Count the lines in the following data that include "unit". Please write only the number.
═════ INFORMATION
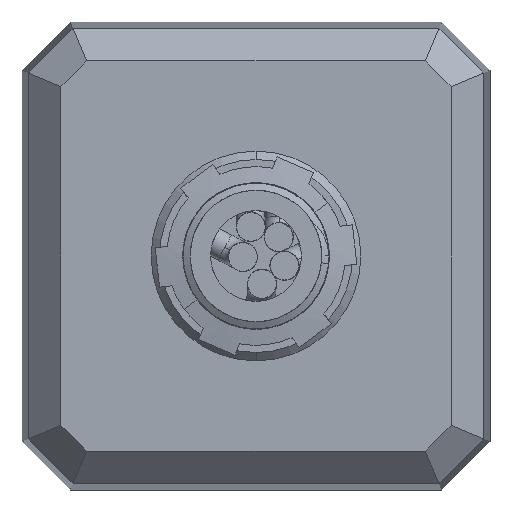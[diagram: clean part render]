
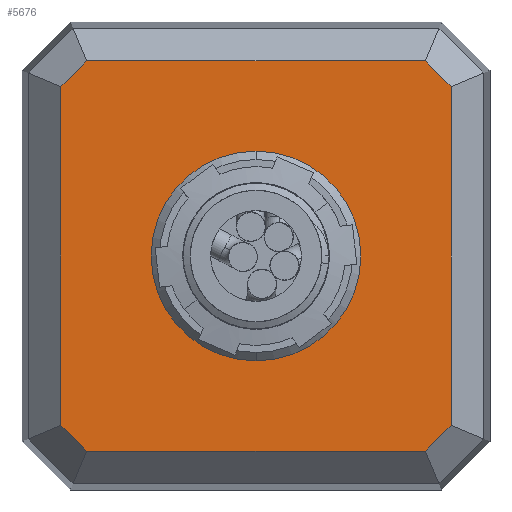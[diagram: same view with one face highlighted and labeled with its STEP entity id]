
A CAD part, front view. The second image highlights one B-rep face of the part: STEP entity #5676.
In plain terms, the highlighted planar face has unit normal (0, -1, 0).
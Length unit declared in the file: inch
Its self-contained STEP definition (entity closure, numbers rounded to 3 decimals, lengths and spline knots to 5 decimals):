
#684 = VECTOR ( 'NONE', #2880, 39.37008 ) ;
#1386 = VERTEX_POINT ( 'NONE', #8306 ) ;
#1806 = DIRECTION ( 'NONE',  ( 0.707, 0., 0.707 ) ) ;
#2129 = EDGE_CURVE ( 'NONE', #30096, #43049, #41146, .T. ) ;
#2880 = DIRECTION ( 'NONE',  ( -1., 0., 0. ) ) ;
#3038 = CARTESIAN_POINT ( 'NONE',  ( 0., 0., 1.395 ) ) ;
#3390 = ORIENTED_EDGE ( 'NONE', *, *, #41272, .T. ) ;
#4710 = VERTEX_POINT ( 'NONE', #36636 ) ;
#5676 = ADVANCED_FACE ( 'NONE', ( #5836, #39334 ), #46037, .F. ) ;
#5836 = FACE_OUTER_BOUND ( 'NONE', #38104, .T. ) ;
#6177 = CARTESIAN_POINT ( 'NONE',  ( 1.395, 0., -1.21153 ) ) ;
#6960 = VERTEX_POINT ( 'NONE', #8329 ) ;
#7200 = DIRECTION ( 'NONE',  ( 0., 0., -1. ) ) ;
#7701 = LINE ( 'NONE', #3038, #684 ) ;
#7988 = LINE ( 'NONE', #34763, #14351 ) ;
#8065 = VERTEX_POINT ( 'NONE', #16076 ) ;
#8306 = CARTESIAN_POINT ( 'NONE',  ( 1.21153, 0., -1.395 ) ) ;
#8329 = CARTESIAN_POINT ( 'NONE',  ( 0., 0., 0.75 ) ) ;
#8590 = ORIENTED_EDGE ( 'NONE', *, *, #28331, .T. ) ;
#8647 = ORIENTED_EDGE ( 'NONE', *, *, #24518, .T. ) ;
#10107 = AXIS2_PLACEMENT_3D ( 'NONE', #11652, #37755, #15411 ) ;
#10948 = DIRECTION ( 'NONE',  ( -0.707, 0., -0.707 ) ) ;
#11652 = CARTESIAN_POINT ( 'NONE',  ( 0., 0., 0. ) ) ;
#11736 = VERTEX_POINT ( 'NONE', #6177 ) ;
#12312 = CARTESIAN_POINT ( 'NONE',  ( 1.21153, 0., 1.395 ) ) ;
#12581 = LINE ( 'NONE', #16331, #19802 ) ;
#13289 = DIRECTION ( 'NONE',  ( 0., -1., 0. ) ) ;
#14351 = VECTOR ( 'NONE', #16132, 39.37008 ) ;
#14861 = CARTESIAN_POINT ( 'NONE',  ( -1.21153, 0., 1.395 ) ) ;
#15411 = DIRECTION ( 'NONE',  ( 0., 0., 1. ) ) ;
#16076 = CARTESIAN_POINT ( 'NONE',  ( -1.21153, 0., -1.395 ) ) ;
#16132 = DIRECTION ( 'NONE',  ( 0.707, 0., -0.707 ) ) ;
#16331 = CARTESIAN_POINT ( 'NONE',  ( 1.395, 0., 0. ) ) ;
#17362 = CARTESIAN_POINT ( 'NONE',  ( -1.395, 0., 1.21153 ) ) ;
#17730 = VERTEX_POINT ( 'NONE', #21438 ) ;
#18748 = ORIENTED_EDGE ( 'NONE', *, *, #27098, .T. ) ;
#19524 = ORIENTED_EDGE ( 'NONE', *, *, #28859, .F. ) ;
#19802 = VECTOR ( 'NONE', #42179, 39.37008 ) ;
#20214 = DIRECTION ( 'NONE',  ( -0.707, 0., 0.707 ) ) ;
#20416 = CARTESIAN_POINT ( 'NONE',  ( 1.30327, 0., -1.30327 ) ) ;
#21438 = CARTESIAN_POINT ( 'NONE',  ( 1.395, 0., 1.21153 ) ) ;
#22546 = CIRCLE ( 'NONE', #22800, 0.75 ) ;
#22800 = AXIS2_PLACEMENT_3D ( 'NONE', #35714, #13289, #39373 ) ;
#23267 = DIRECTION ( 'NONE',  ( 1., 0., 0. ) ) ;
#24381 = EDGE_CURVE ( 'NONE', #8065, #1386, #36220, .T. ) ;
#24518 = EDGE_CURVE ( 'NONE', #11736, #17730, #12581, .T. ) ;
#25191 = LINE ( 'NONE', #47981, #25502 ) ;
#25502 = VECTOR ( 'NONE', #7200, 39.37008 ) ;
#27098 = EDGE_CURVE ( 'NONE', #43049, #4710, #25191, .T. ) ;
#28331 = EDGE_CURVE ( 'NONE', #4710, #8065, #7988, .T. ) ;
#28342 = ORIENTED_EDGE ( 'NONE', *, *, #2129, .T. ) ;
#28859 = EDGE_CURVE ( 'NONE', #39381, #6960, #36238, .T. ) ;
#29217 = EDGE_CURVE ( 'NONE', #1386, #11736, #32090, .T. ) ;
#29840 = EDGE_CURVE ( 'NONE', #6960, #39381, #22546, .T. ) ;
#30096 = VERTEX_POINT ( 'NONE', #14861 ) ;
#31278 = AXIS2_PLACEMENT_3D ( 'NONE', #45129, #45446, #45507 ) ;
#32090 = LINE ( 'NONE', #20416, #41020 ) ;
#33912 = CARTESIAN_POINT ( 'NONE',  ( 0., 0., -0.75 ) ) ;
#34763 = CARTESIAN_POINT ( 'NONE',  ( -1.30327, 0., -1.30327 ) ) ;
#35250 = VECTOR ( 'NONE', #23267, 39.37008 ) ;
#35714 = CARTESIAN_POINT ( 'NONE',  ( 0., 0., 0. ) ) ;
#36067 = VECTOR ( 'NONE', #10948, 39.37008 ) ;
#36220 = LINE ( 'NONE', #38022, #35250 ) ;
#36238 = CIRCLE ( 'NONE', #10107, 0.75 ) ;
#36240 = EDGE_CURVE ( 'NONE', #17730, #37848, #37333, .T. ) ;
#36427 = ORIENTED_EDGE ( 'NONE', *, *, #36240, .T. ) ;
#36636 = CARTESIAN_POINT ( 'NONE',  ( -1.395, 0., -1.21153 ) ) ;
#37026 = CARTESIAN_POINT ( 'NONE',  ( -1.30327, 0., 1.30327 ) ) ;
#37333 = LINE ( 'NONE', #42384, #46186 ) ;
#37755 = DIRECTION ( 'NONE',  ( 0., -1., 0. ) ) ;
#37848 = VERTEX_POINT ( 'NONE', #12312 ) ;
#38022 = CARTESIAN_POINT ( 'NONE',  ( 0., 0., -1.395 ) ) ;
#38104 = EDGE_LOOP ( 'NONE', ( #3390, #28342, #18748, #8590, #44938, #47395, #8647, #36427 ) ) ;
#39334 = FACE_BOUND ( 'NONE', #45021, .T. ) ;
#39373 = DIRECTION ( 'NONE',  ( 0., 0., 1. ) ) ;
#39381 = VERTEX_POINT ( 'NONE', #33912 ) ;
#41020 = VECTOR ( 'NONE', #1806, 39.37008 ) ;
#41023 = ORIENTED_EDGE ( 'NONE', *, *, #29840, .F. ) ;
#41146 = LINE ( 'NONE', #37026, #36067 ) ;
#41272 = EDGE_CURVE ( 'NONE', #37848, #30096, #7701, .T. ) ;
#42179 = DIRECTION ( 'NONE',  ( 0., 0., 1. ) ) ;
#42384 = CARTESIAN_POINT ( 'NONE',  ( 1.30327, 0., 1.30327 ) ) ;
#43049 = VERTEX_POINT ( 'NONE', #17362 ) ;
#44938 = ORIENTED_EDGE ( 'NONE', *, *, #24381, .T. ) ;
#45021 = EDGE_LOOP ( 'NONE', ( #41023, #19524 ) ) ;
#45129 = CARTESIAN_POINT ( 'NONE',  ( 0., 0., 0. ) ) ;
#45446 = DIRECTION ( 'NONE',  ( 0., 1., 0. ) ) ;
#45507 = DIRECTION ( 'NONE',  ( 0., 0., 1. ) ) ;
#46037 = PLANE ( 'NONE',  #31278 ) ;
#46186 = VECTOR ( 'NONE', #20214, 39.37008 ) ;
#47395 = ORIENTED_EDGE ( 'NONE', *, *, #29217, .T. ) ;
#47981 = CARTESIAN_POINT ( 'NONE',  ( -1.395, 0., 0. ) ) ;
══════════
- **TASK ANSWER**:
2